Not accumulate, but circulate | Inquirer Opinion
GLIMPSES

Not accumulate, but circulate

01:09 AM February 24, 2017

I have written so much about poverty to make people more aware and sensitive to it. While I know that poverty in the Philippines has been a historical legacy, as it has been with almost all countries, I also know that a few have transcended it and, in fact, become world models for social and economic transformation. I refer most especially to Scandanavian countries where poverty is negligible (or non-existent). They make a good motivation for me to push until our own poor can find approximate relief from a poverty they merely inherited.

It is heartening to note, from the comments I have received from my articles and from my continuing engagement with others in the same advocacy of dismantling poverty, that there is indeed, more awareness and sympathy towards the poor, both global and our very own. I realize that historical mindsets from the non-poor make it difficult to just drop all resistance to the liberation of the more and most unfortunate. It will seem like surrendering one’s advantage over others and make the rich, including the newly liberated, very reluctant to level the playing field. All the more, it will seem quite daunting to actually share one’s advantage or profits from one’s labor and allow these to reduce the gap with those left behind.

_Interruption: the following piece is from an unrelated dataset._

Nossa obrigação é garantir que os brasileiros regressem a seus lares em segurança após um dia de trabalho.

That 1% own as much, if not more, than the 99% is not shocking, it is historical. My wish and advocacy are to help reverse the trend in a faster manner. It will take more than my lifetime to make this happen despite the fact that so many today are engaged in the same crusade. The shift from centralized rule, whether it be monarchies or dictatorships, to democracy in various forms simply moves in the direction of raising the 99% and, in effect, forcing the 1% to release their traditional stranglehold (it is a stranglehold as long as the poor comprise the majority of humanity).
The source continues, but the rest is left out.